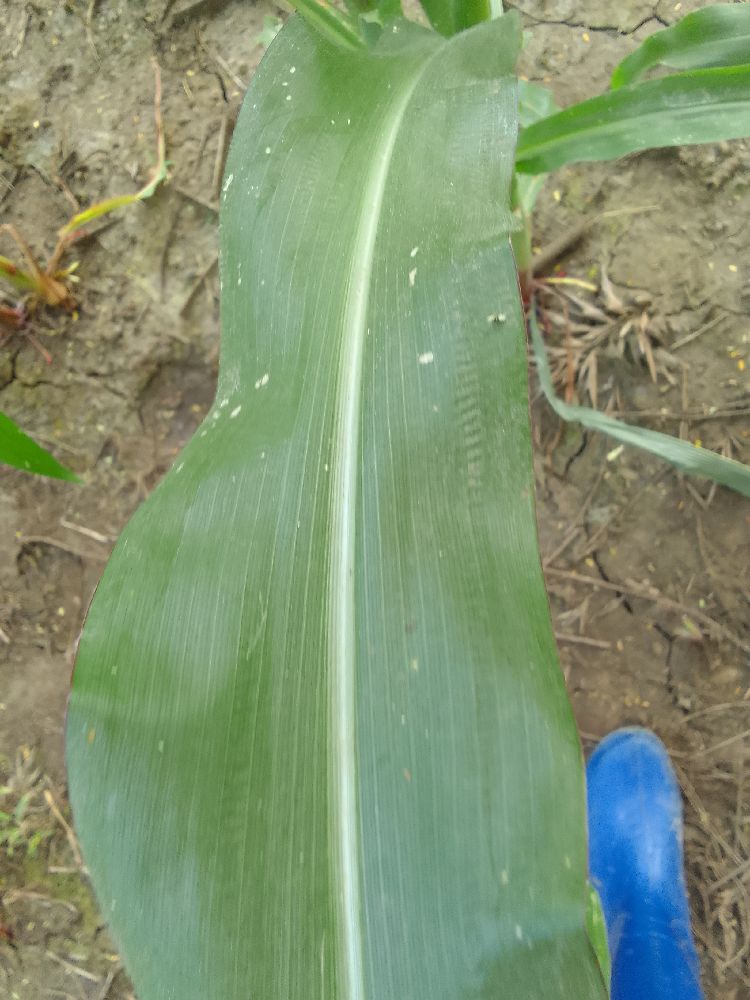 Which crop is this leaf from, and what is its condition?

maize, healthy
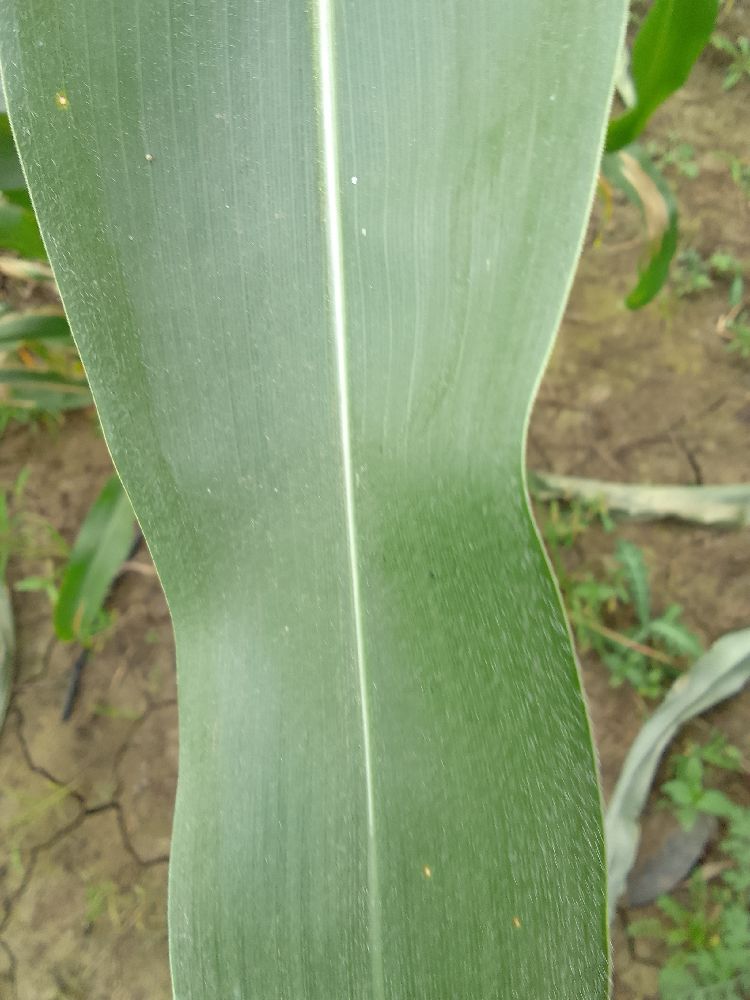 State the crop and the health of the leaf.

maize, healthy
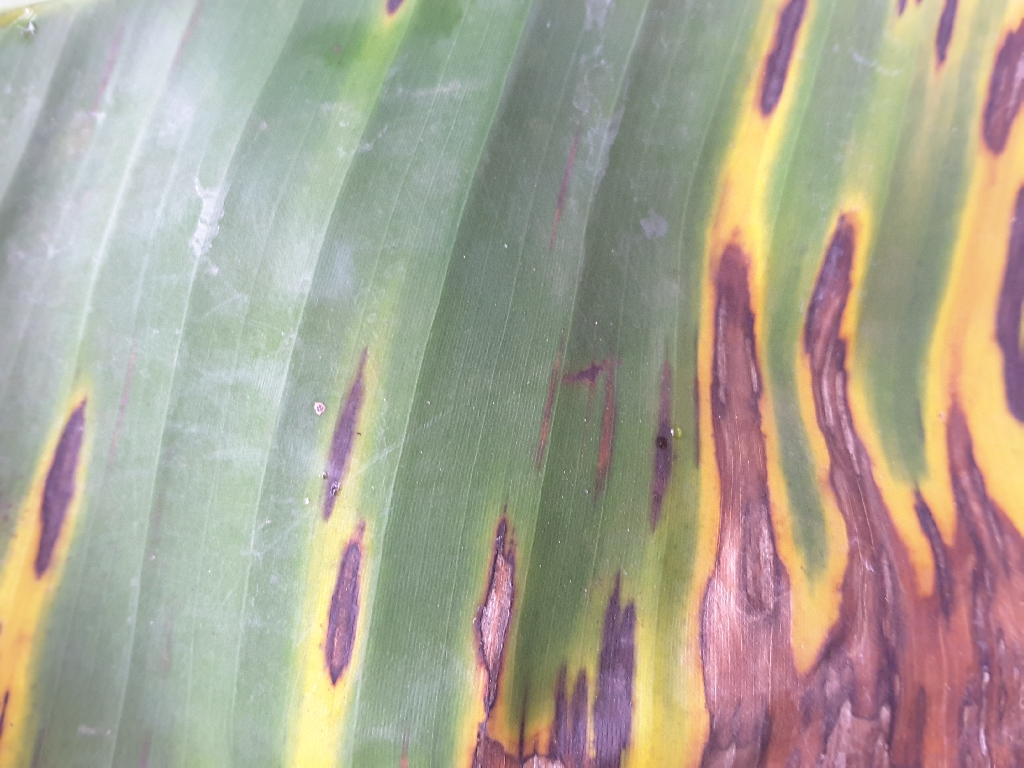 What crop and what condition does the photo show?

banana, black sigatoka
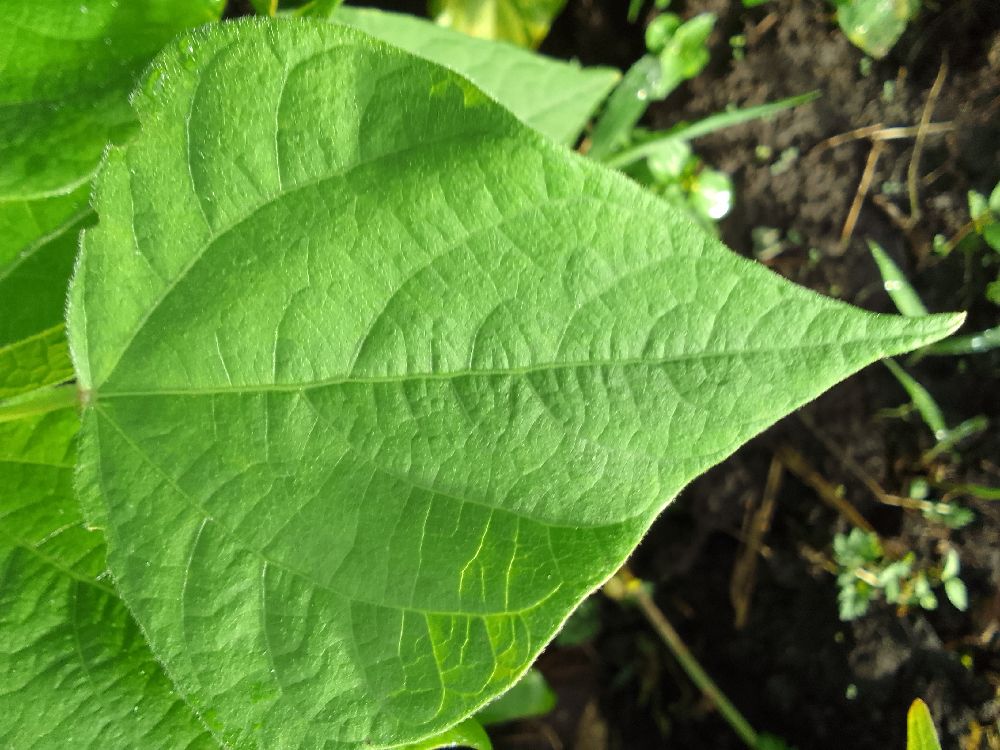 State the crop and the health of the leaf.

+++++

> _TASK TO CARRY OUT_
Give back every line of the material above word for word, leaving out the pictures.

> _ANSWER TO THIS EXERCISE_
 Which crop is this leaf from, and what is its condition?

maize, healthy
 State the crop and the health of the leaf.

maize, healthy
 What crop and what condition does the photo show?

banana, black sigatoka
 State the crop and the health of the leaf.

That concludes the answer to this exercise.